?
Определение центроидов для повышения точности порядково-инвариантной паттерн-кластеризации
The work continues the research of constructing methods for analyzing
patterns in parallel coordinates independent of the sequence of input data of the
results. The basic operations on objects of ordinal-invariant pattern clusters are
described. The assertion that the centroid of an ordinal-invariant pattern cluster
belongs to the original cluster is proved, which allows one to estimate the intracluster
object - centroid distances in the multidimensional feature space. Examples of
revealing the structural similarity of objects in parallel coordinates are given. The
main differences between the methods of analysis of patterns and cluster analysis
are noted.

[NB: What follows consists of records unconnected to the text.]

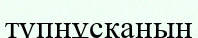
түпнұсқаның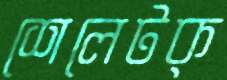
শেলেটক্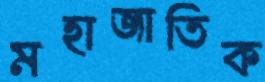
মহাজাতিক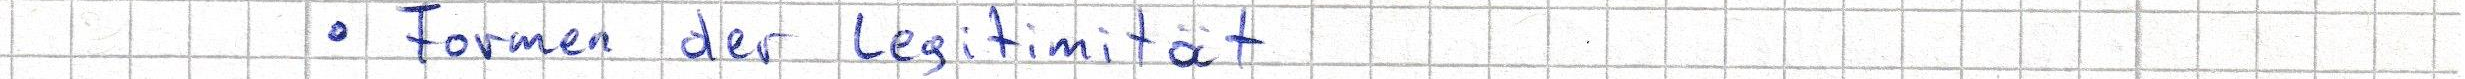
Formen der Legitimität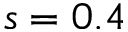
s = 0 . 4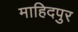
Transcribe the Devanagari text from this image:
माहिदपुर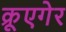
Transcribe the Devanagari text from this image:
क्रूएगेर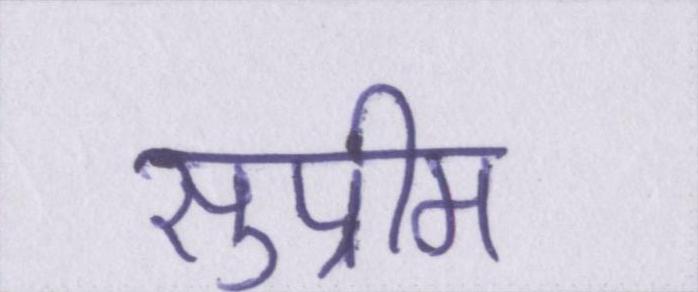
सुप्रीम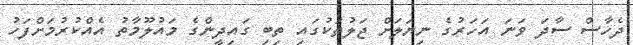
ދެހާސް ސާދަ ވަނަ އަހަރުގެ ނިޔަލަށް ޖަލުތަކުގައި ތިބި ގައިދީންގެ މައުލޫމާތު އެއްކުރުމަށްފަހު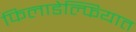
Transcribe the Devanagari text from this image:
फिलाडेल्फियात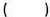
（）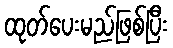
ထုတ်ပေးမည်ဖြစ်ပြီး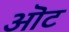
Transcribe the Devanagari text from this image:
ऒट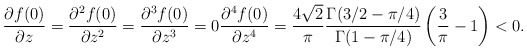
\begin{align*}\frac{\partial f(0)}{\partial z}=\frac{\partial^2 f(0)}{\partial z^2}=\frac{\partial^3 f(0)}{\partial z^3}=0\frac{\partial^4 f(0)}{\partial z^4}&=\frac{4\sqrt{2}}{\pi}\frac{\Gamma(3/2-\pi/4)}{\Gamma(1-\pi/4)}\left(\frac{3}{\pi}-1 \right)<0.\end{align*}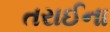
તરાઈના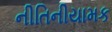
નીતિનીયામક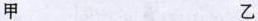
甲 乙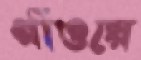
গাঁওয়ে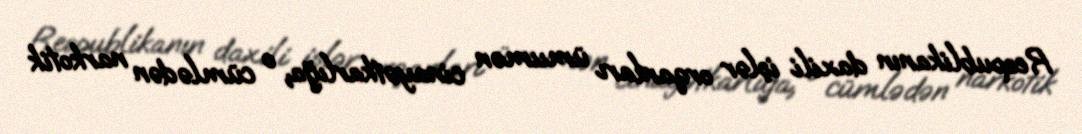
Respublikanın daxili işlər orqanları ümumən cinayətkarlığa, o cümlədən narkotik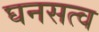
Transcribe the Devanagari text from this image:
घनसत्व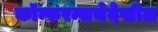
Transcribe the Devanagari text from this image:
कॉन्फरन्सचेदेखील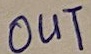
Text: OUT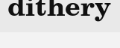
dithery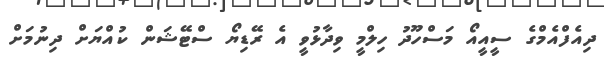
ދިއެފްއެމްގެ ސީއީއޯ މަސްހޫދު ހިލްމީ ވިދާޅުވީ އެ ރޭޑިޔޯ ސްޓޭޝަން ކުއްޔަށް ދިނުމަށް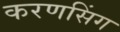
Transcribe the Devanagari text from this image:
करणसिंग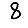
Digit: 8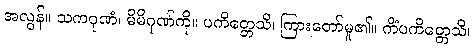
အလွန်။ သကဂုဏံ၊ မိမိဂုဏ်ကို။ ပကိတ္တေသိ၊ ကြားတော်မူ၏။ ကိံပကိတ္တေသိ၊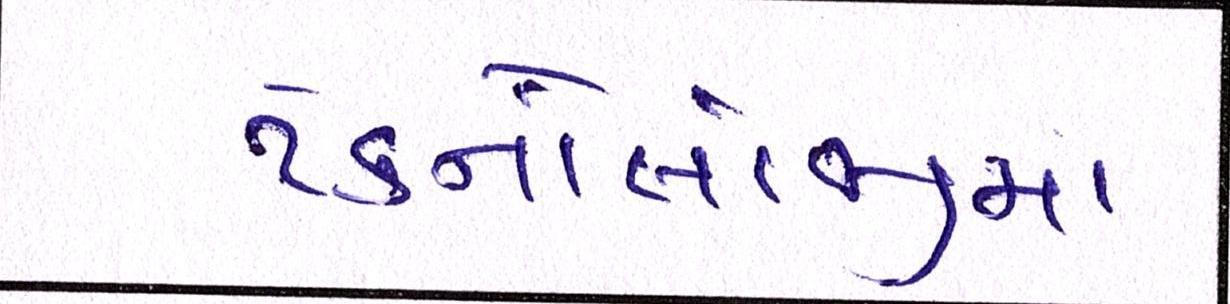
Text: ટેક્નોલોજીમાં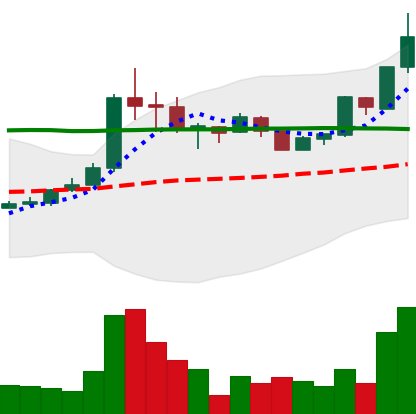
Ticker: BTC-USD
Chart end date: 2015-06-30
Forward return: 3.361%
Label: up_3_5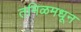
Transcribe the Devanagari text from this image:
तमिळमधून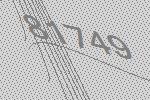
81749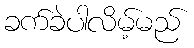
ခက်ခဲပါလိမ့်မည်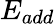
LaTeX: E_{add}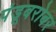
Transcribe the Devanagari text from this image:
पंडूबरोबर
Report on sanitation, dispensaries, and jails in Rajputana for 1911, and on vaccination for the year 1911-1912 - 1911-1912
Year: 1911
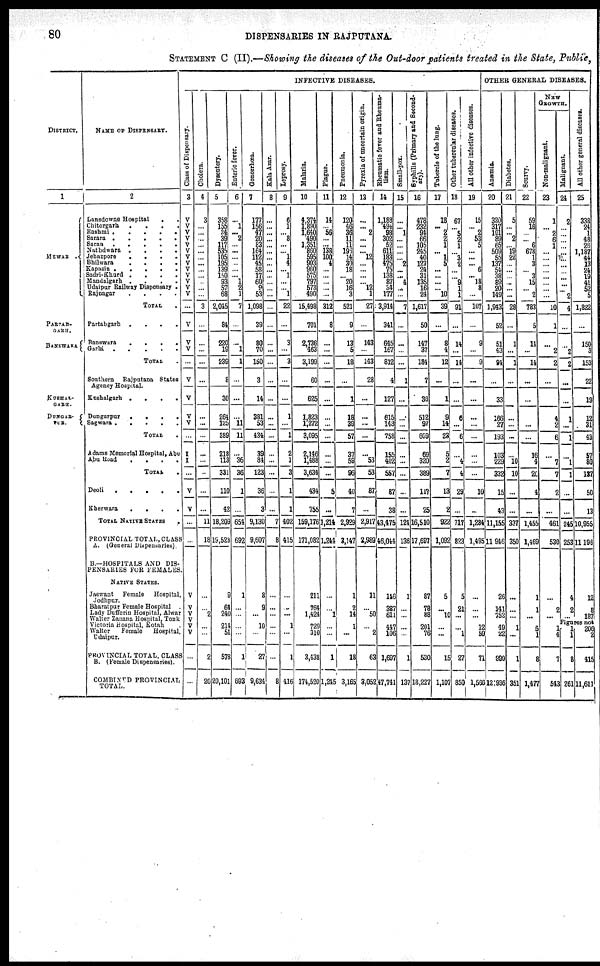
80
DISPENSARIES IN RAJPUTANA.
STATEMENT C (II).—Showing the diseases of the Out-door patients treated in the State, Public,
DISTRICT.
1
MEWAR
.
PARTAB-
GARH.
BANSWARA
KUSHAL-
GARH.
DUNGAR-
PUR.
NAME OF DISPENSARY.
2
Lansdowne Hospital . .
Chitorgarh . . . . .
Rashmi
.
.
.
.
.
.
Sarara . . . . . . .
Saran . . . . . .
Nathdwara . . . . . .
Jehazpore . . . . . .
Bhilwara . . . . . . .
Kapasin . . . . . . .
Sadri-Khurd . . . . . .
Mandalgarh . . . . . . .
Udaipur Railway Dispensary .
Rajnagar . . . . .
TOTAL .
Partabgarh . . . . . .
Banswara . . . . . .
Garhi . . . . . . .
TOTAL .
Southern Rajputana States
Agency Hospital.
Kushalgarh . . . . . .
Dungarpur . . . . . . .
Sagwara . . . . . . .
TOTAL .
Adams Memorial Hospital, Abu
Abu Road
.
.
.
.
.
TOTAL .
Deoli
.
.
.
.
.
.
Kherwara . . . . . .
TOTAL NATIVE STATES
.
PROVINCIAL TOTAL,CLASS
A. (General Dispensaries).
B.—HOSPITALS AND DIS-
PENSARIES FUR FEMALES
NATIVE STATES.
Jaswant
Female
Hospital
Jodhpur.
Bharatpur Female Hospital .
Lady Dufferin Hospital, Alwar
Walter Zanana Hospital, Tonk
Victoria Hospital, Kotah
Walter
Female
Hospital,
Udaipar.
PROVINCIAL TOTAL, CLASS
B. (Female Dispensaries).
COMBINED PROVINCIAL
TOTAL.
INFECTIVE DISEASES.
Class of Dispensary.
3
V
V
V
V
V
V
V
V
V
V
V
V
V
...
V
V
V
...
V
V
V
V
...
I
I
...
V
V
...
...
V
V
V
V
V
V
...
...
Cholera.
4
3
...
...
...
...
...
...
...
...
...
...
...
...
3
...
...
...
...
...
...
...
...
...
...
...
...
...
11
18
...
...
2
...
...
2
20
Dysentery.
5
358
155
34
39
117
535
105
195 139
150
93
57
68
2,045
84
220
19
239
8
30
264
125
389
218
113
331
110
42
18,209
19,523
9
64
240
214
51
578
20,101
Enteric fever.
6
...
1
... 2
...
...
...
...
...
...
1
2
1
7
...
...
1
1
...
...
...
11
11
...
36
36
1
...
654
692
1
...
...
...
...
1
693
Gonorrhœa.
7
177
156
47
20
83
164
112
45
58
17
60
9
53
1,098
39
80
70
150
3
14
381
53
434
39
84
123
36
3
9,130
9,607
3
9 ...
10
...
27
9,634
Kala Azar.
8
...
...
...
...
...
...
...
...
...
...
...
...
...
...
...
...
...
...
...
...
...
...
...
...
...
...
...
...
7
8
...
...
...
...
...
...
8
Leprosy.
9
6
1
... 8
...
...
1
4
... 1
...
...
1
22
...
3
...
3
...
...
1
...
1
2
1
3
1
1
402
415
...
...
...
1 ...
1
416
Malaria.
10
4,374
1,890
1,640
490
1,351
860
595
903
960
575
797
573
490
15,498
701
2,736
463
3,199
60
625
1,823
1,272
3,095
2,146
1,488
3,634
434
755
159,176
171,082
211
764
1,424
729
310
3,438
174,520
Plague.
11
14
... 56
...
...
138
100
4
...
...
...
...
...
312
8
...
...
...
...
...
...
...
...
...
...
...
5
...
1,214
1,244
...
...
1
...
...
1
1,245
Pneumonia.
12
120
46
36
11
11
193
14
30
18
...
20
16
3
521
9
13
5
18
...
1
18
39
57
37
59
96
40
1
2,929
3,147
1
2 14
1 ...
18
3,165
Pyrexia of uncertain origin.
13
...
... 2
...
...
... 12
...
...
...
...
12
1
27
...
143
...
143
28
...
...
...
...
...
53
53
87
...
2,917
2,989
11
... 50
...
2
63
3,052
Rheumatic fever and Rheuma-
tism.
14
1,188
494 98
302
52
611
183
475
75
138
87
34
177
3,914
341
645
167
812
4
127
615
143
758
155
402
557
87
38
43,475
46,044
146
387
611
447
106
1,697
47,741
Small-pox.
15
...
... 1
...
...
...
...
2
...
...
4
...
...
7
...
...
...
...
1
...
...
...
...
...
...
...
...
...
124
139
1
...
...
...
...
1
137
Syphilis (Primary and Second-
ary).
16
478
232
94
66
105
245
40
127
24
31
135
16
24
1,617
50
147
37
184
7
36
512
97
609
69
320
389
117
25
16,510
17,697
87
78
88
201
76
530
18,227
Tubercle of the lung.
17
18
...
2
2
1
... 1
5
...
...
...
... 10
39
...
8
4
12
...
1
9
14
23
5
2
7
13
2
922
1,092
5
...
10
...
...
15
1,107
Other tubercular diseases.
18
67
...
5
2
1
...
3
2
...
9
1
1
91
...
14
...
14
...
...
6
...
6
...
4
4
29
...
717
823
5
21
...
...
1
27
850
All other infective diseases.
19
15
...
2
53
5
...
...
... 6
... 18
8
...
107
...
9
...
9
...
...
...
...
...
...
...
...
10
...
1,284
1,495
...
...
...
12
59
71
1,566
OTHER GENERAL DISEASES.
Anæmia.
20
320
317
101
89
65
509
55
137
54
38
89
20
149
1,943
52
51
43
94
...
33
166
27
193
103
229
332
15
43
11,155
946
26
141
752
49
22
990
12,936
Diabetes.
21
5
...
... 2
...
19
22
...
...
...
...
...
...
28
...
1
...
1
...
...
...
...
...
...
10
10
...
...
337
350
...
...
...
1
...
1
351
Scurvy.
22
59
16
...
...
6
678
1
3
... 3
15
... 2
783
5
14
...
14
...
...
...
...
...
16
4
20
4
...
1,455
1,469
1
1
...
5
1
8
1,477
NEW
GROWTH.
Non-malignant.
23
1
... 2
6
1
...
...
...
...
...
...
...
...
10
1
...
2
2
...
...
4
2
6
...
7
7
2
...
461
530
...
2
...
1 4
7
543
Malignant.
24
2
...
...
...
...
...
...
...
...
...
...
...
2
4
...
...
2
2
...
...
1
...
1
...
1
1
...
...
245
253
4
2
...
All other general diseases.
25
338
24
1
48
26
1,187
44
13
24
19
41
52
5
1,822
...
150
3
153
22
19
12
31
43
57
80
137
50
13
10,955
11,196
12
8
187
Figures not
1
1
8
261
206
2
415
11,611

The methodology of the centroid detection of the ordinal-invariant pattern-
cluster is described. An algorithm for combining groups of objects based on
their structural similarity, on the one hand, and minimizing intracluster distances,
on the other, is proposed, which makes it possible to improve the accuracy of the
final results and partially solve the problem of finding similar objects in the presence
of error in the original data. The proposed algorithm uses the concept of intracluster
distances “object - centroid” and satisfies the following conditions: endogenous
determination of the number and composition of the desired groups of objects
under study; low (relatively) computational complexity; independence of the original
partition from the initial sequence of input data. The work of the proposed algorithm
on classical data sets is demonstrated. The results of testing are presented and
the clustering accuracy is increased.